== Segment start ==
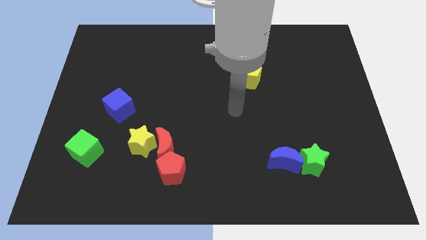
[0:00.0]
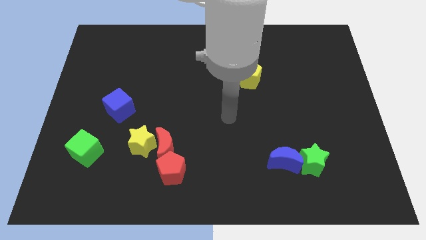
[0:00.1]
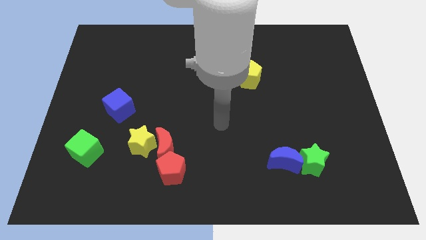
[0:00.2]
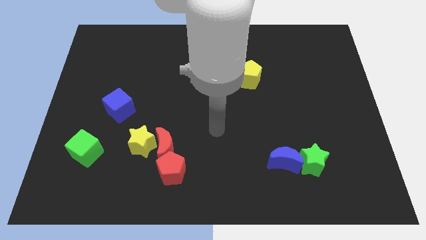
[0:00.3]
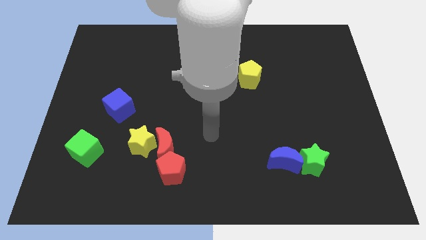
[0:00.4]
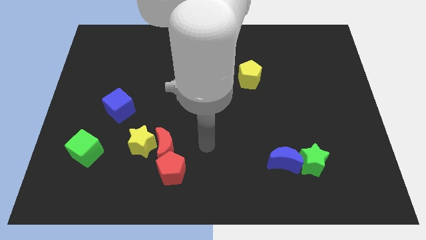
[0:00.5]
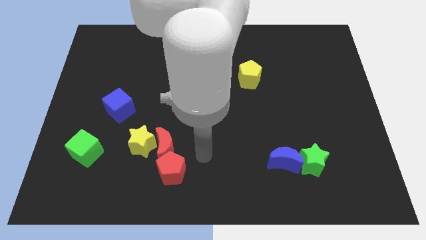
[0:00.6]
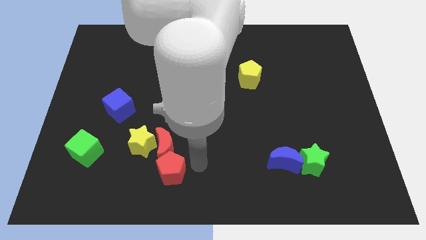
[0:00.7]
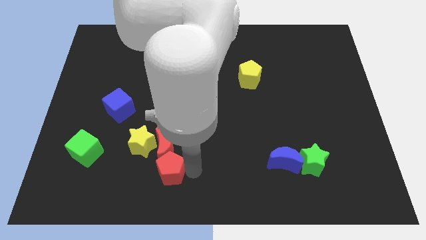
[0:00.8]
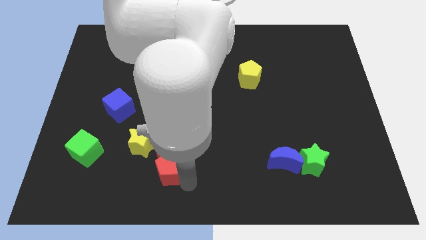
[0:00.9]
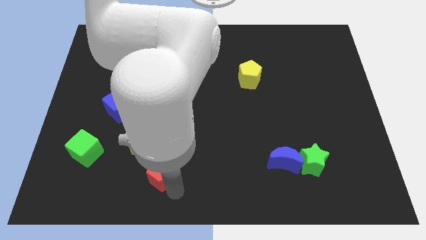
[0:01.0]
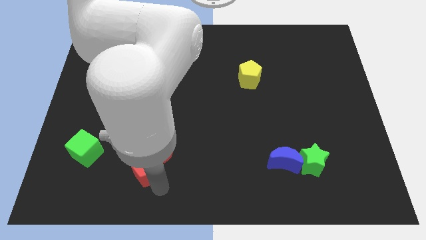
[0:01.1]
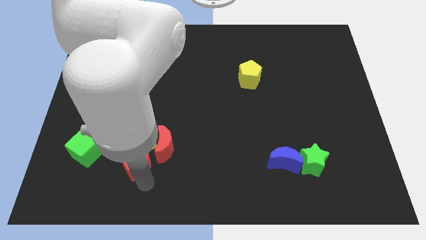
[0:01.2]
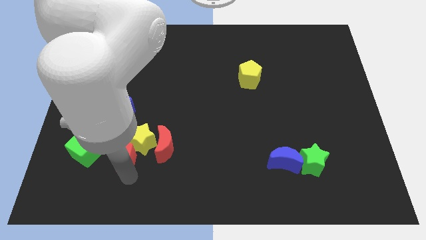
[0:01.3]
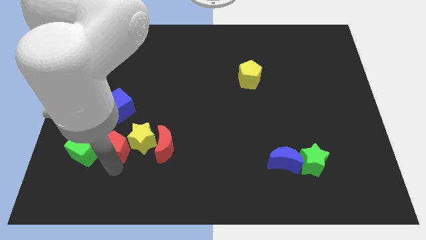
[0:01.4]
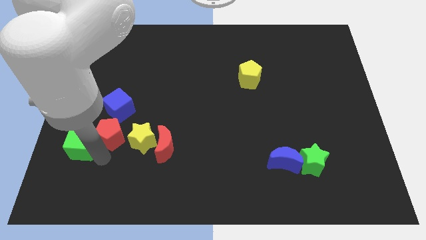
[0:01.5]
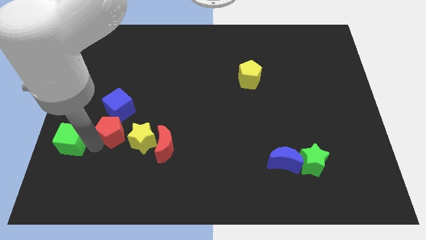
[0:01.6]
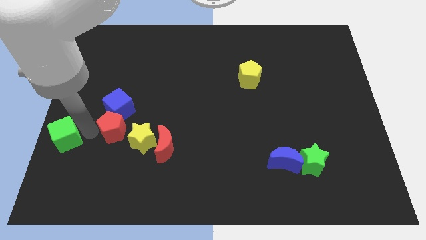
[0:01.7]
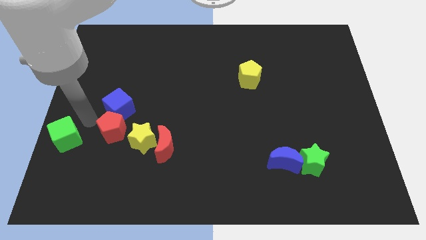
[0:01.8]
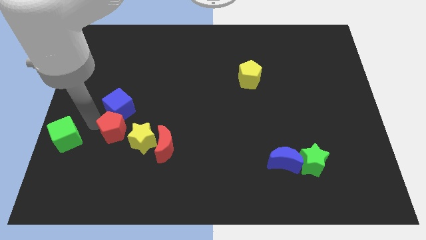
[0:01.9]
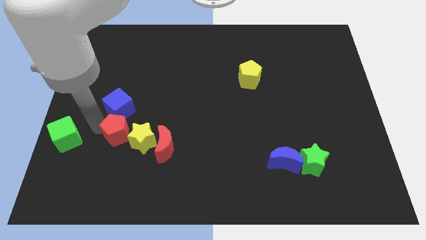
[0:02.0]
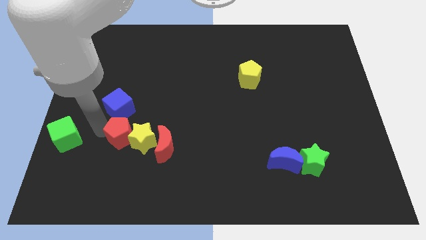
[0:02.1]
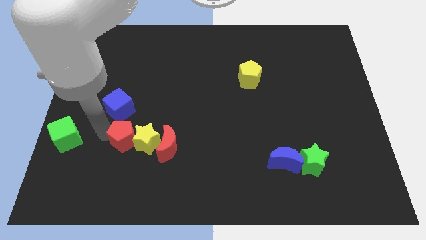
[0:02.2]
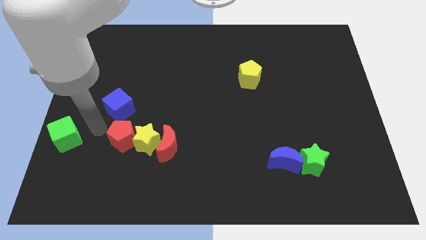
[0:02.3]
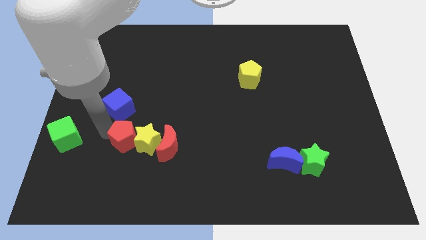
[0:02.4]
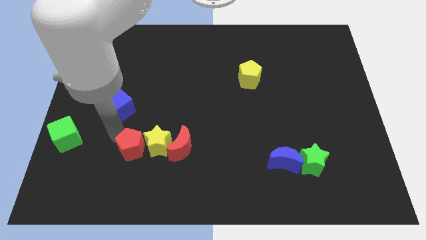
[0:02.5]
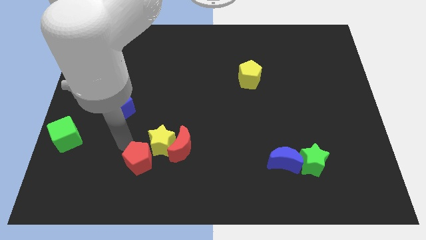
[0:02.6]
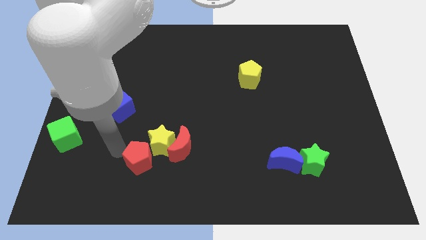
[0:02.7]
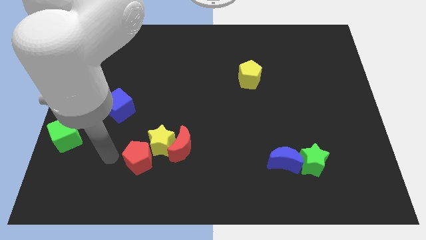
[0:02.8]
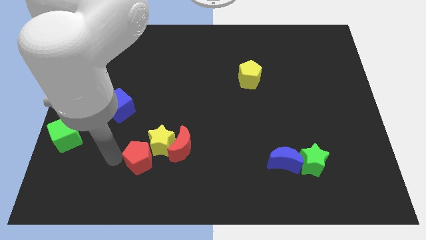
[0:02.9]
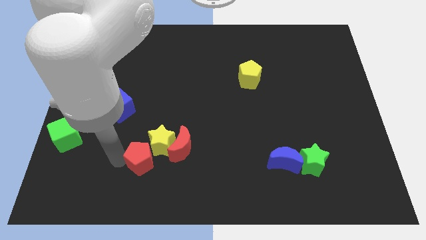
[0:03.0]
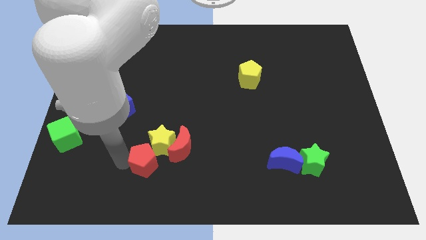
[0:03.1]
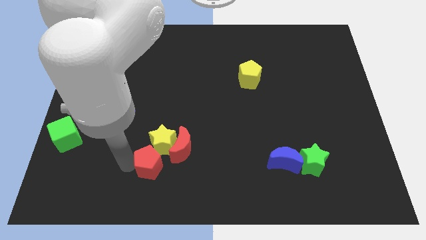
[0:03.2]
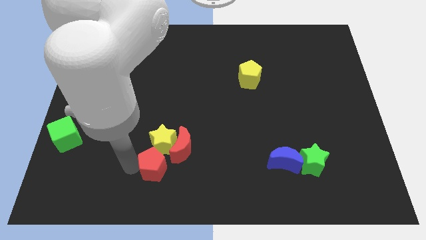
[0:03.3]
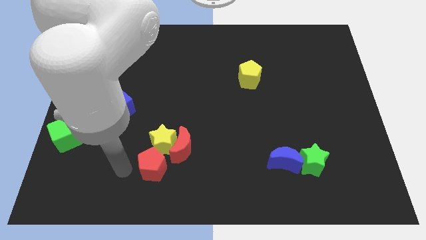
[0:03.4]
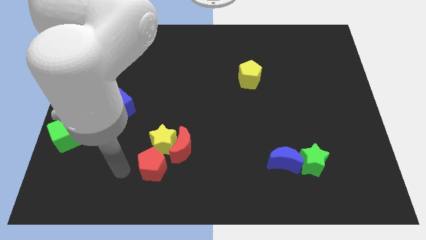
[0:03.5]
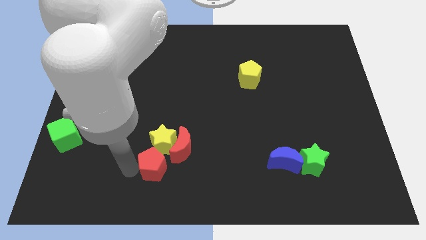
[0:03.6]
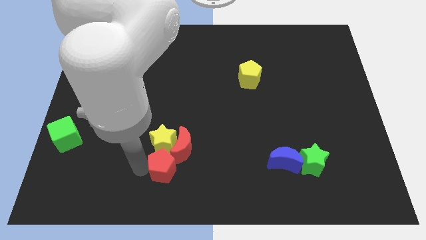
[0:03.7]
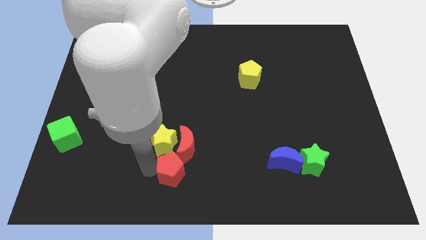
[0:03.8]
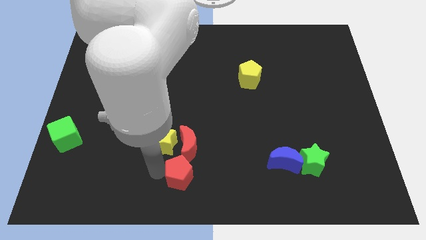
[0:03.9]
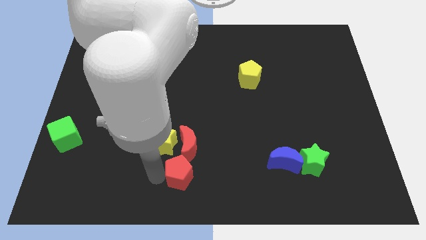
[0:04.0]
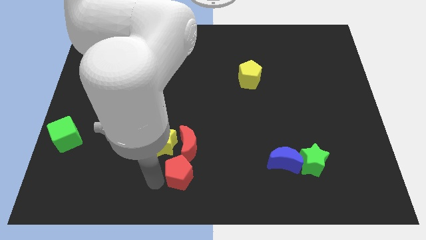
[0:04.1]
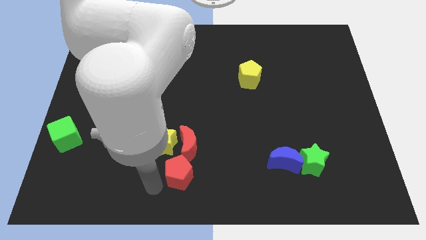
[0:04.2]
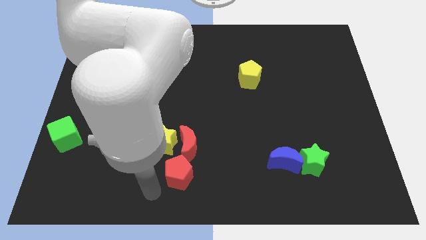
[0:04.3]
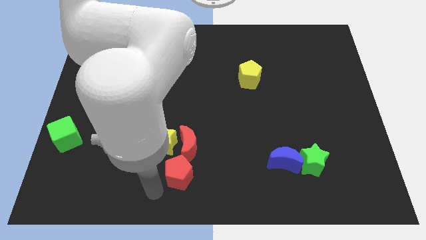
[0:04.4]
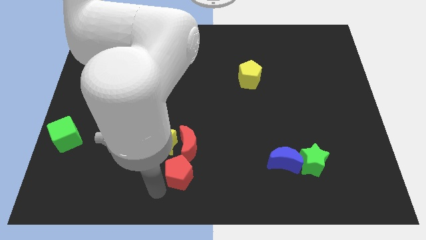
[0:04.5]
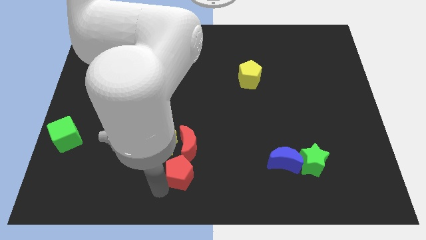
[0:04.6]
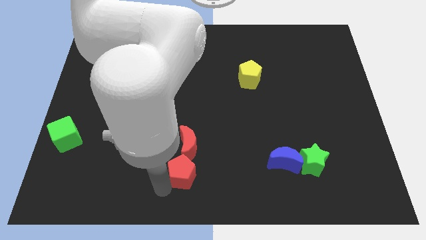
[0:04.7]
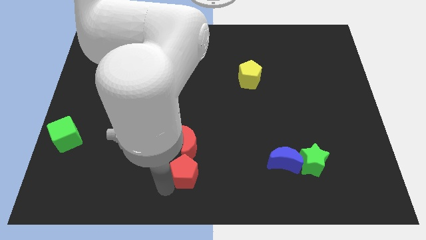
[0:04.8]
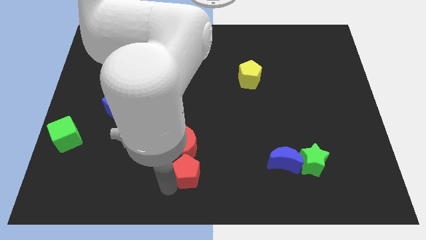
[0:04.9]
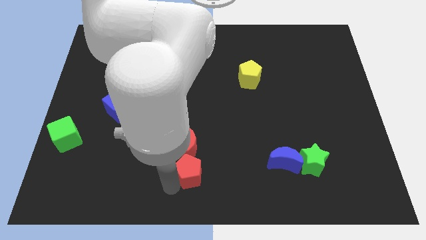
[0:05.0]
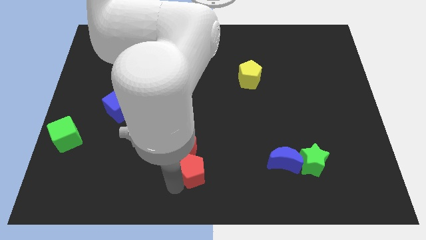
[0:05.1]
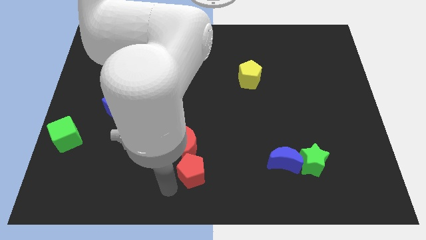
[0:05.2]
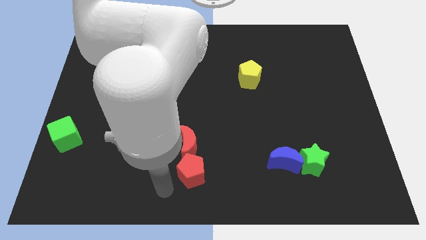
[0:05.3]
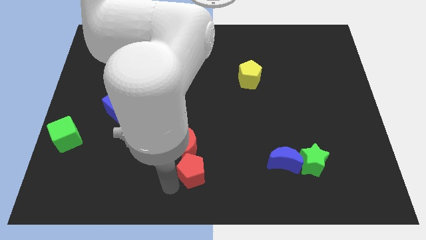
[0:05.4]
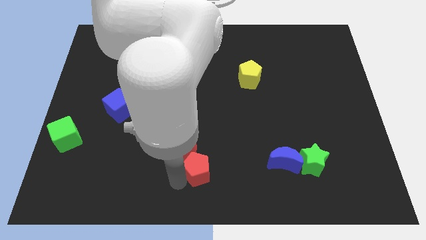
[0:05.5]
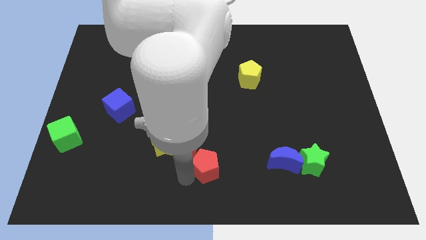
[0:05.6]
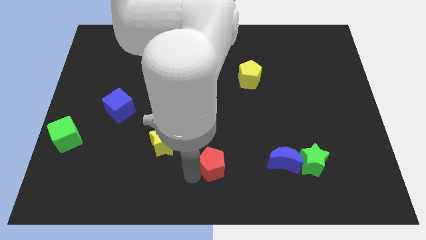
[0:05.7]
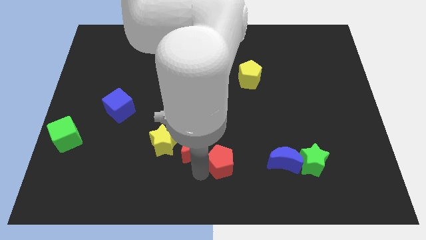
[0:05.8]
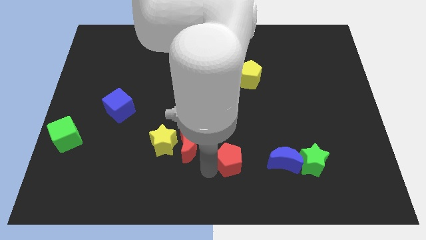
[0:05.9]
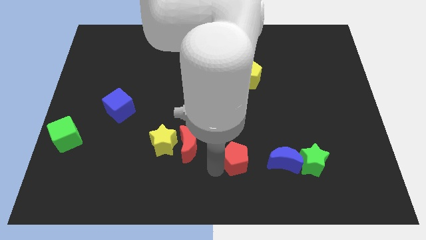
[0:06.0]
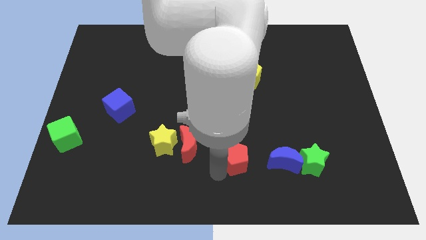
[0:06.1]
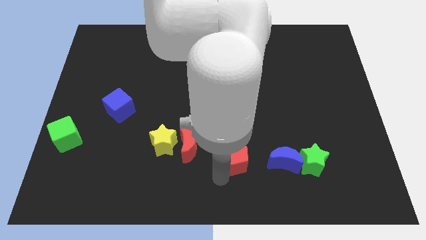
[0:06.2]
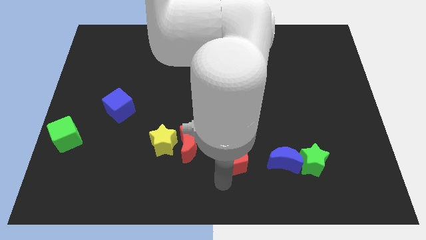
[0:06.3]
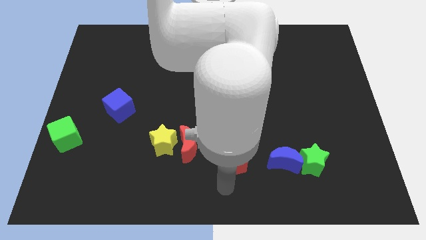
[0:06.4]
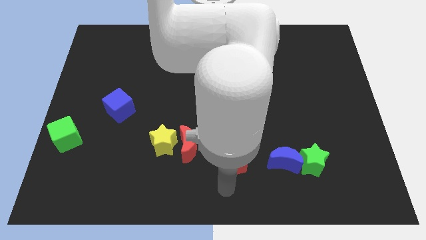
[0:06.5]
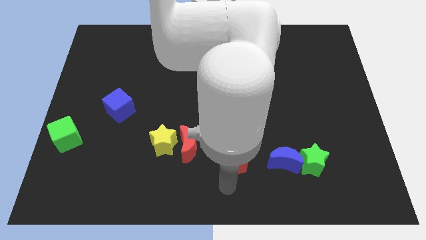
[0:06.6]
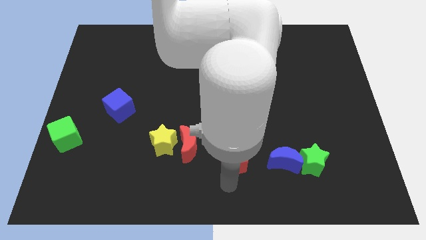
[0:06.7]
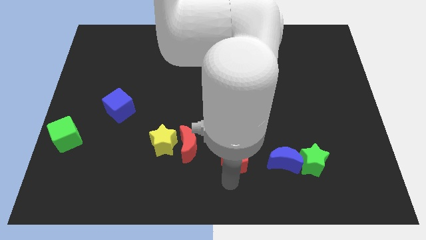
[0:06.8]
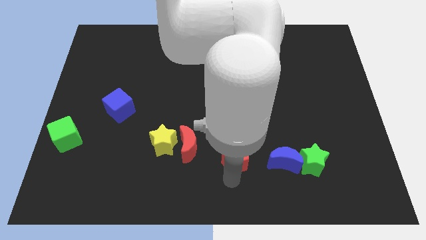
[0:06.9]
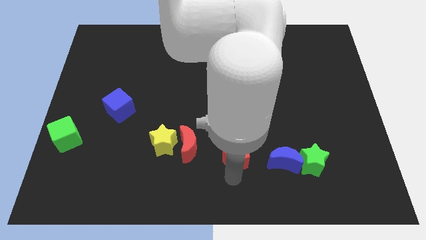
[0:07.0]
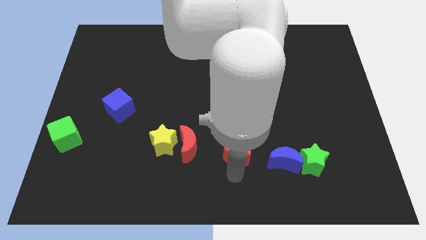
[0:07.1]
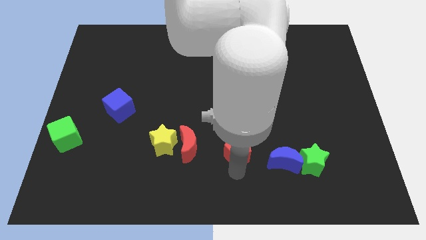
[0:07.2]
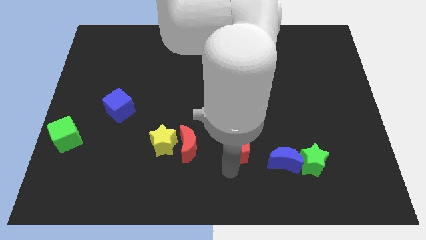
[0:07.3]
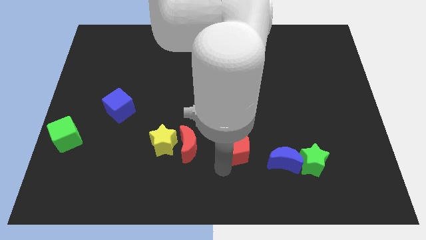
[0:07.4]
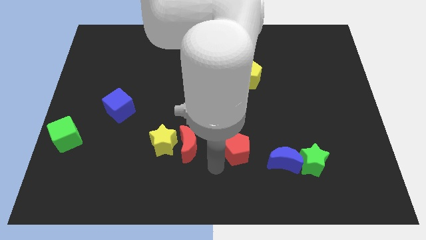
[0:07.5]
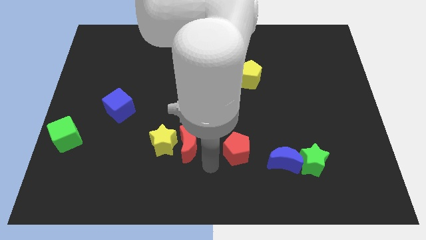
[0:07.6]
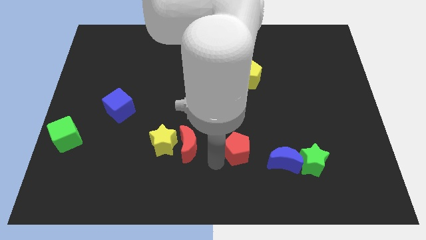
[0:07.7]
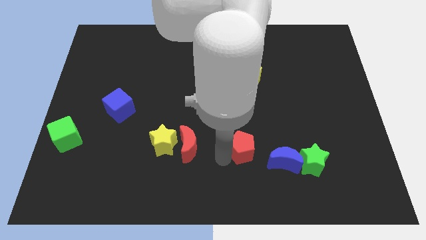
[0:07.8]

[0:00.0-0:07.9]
push the red pentagon diagonally up and to the left of the blue moon
== Segment end ==
Please output every entry above exactly, without the pictures.

[0:00.0]
[0:00.1]
[0:00.2]
[0:00.3]
[0:00.4]
[0:00.5]
[0:00.6]
[0:00.7]
[0:00.8]
[0:00.9]
[0:01.0]
[0:01.1]
[0:01.2]
[0:01.3]
[0:01.4]
[0:01.5]
[0:01.6]
[0:01.7]
[0:01.8]
[0:01.9]
[0:02.0]
[0:02.1]
[0:02.2]
[0:02.3]
[0:02.4]
[0:02.5]
[0:02.6]
[0:02.7]
[0:02.8]
[0:02.9]
[0:03.0]
[0:03.1]
[0:03.2]
[0:03.3]
[0:03.4]
[0:03.5]
[0:03.6]
[0:03.7]
[0:03.8]
[0:03.9]
[0:04.0]
[0:04.1]
[0:04.2]
[0:04.3]
[0:04.4]
[0:04.5]
[0:04.6]
[0:04.7]
[0:04.8]
[0:04.9]
[0:05.0]
[0:05.1]
[0:05.2]
[0:05.3]
[0:05.4]
[0:05.5]
[0:05.6]
[0:05.7]
[0:05.8]
[0:05.9]
[0:06.0]
[0:06.1]
[0:06.2]
[0:06.3]
[0:06.4]
[0:06.5]
[0:06.6]
[0:06.7]
[0:06.8]
[0:06.9]
[0:07.0]
[0:07.1]
[0:07.2]
[0:07.3]
[0:07.4]
[0:07.5]
[0:07.6]
[0:07.7]
[0:07.8]

[0:00.0-0:07.9]
push the red pentagon diagonally up and to the left of the blue moon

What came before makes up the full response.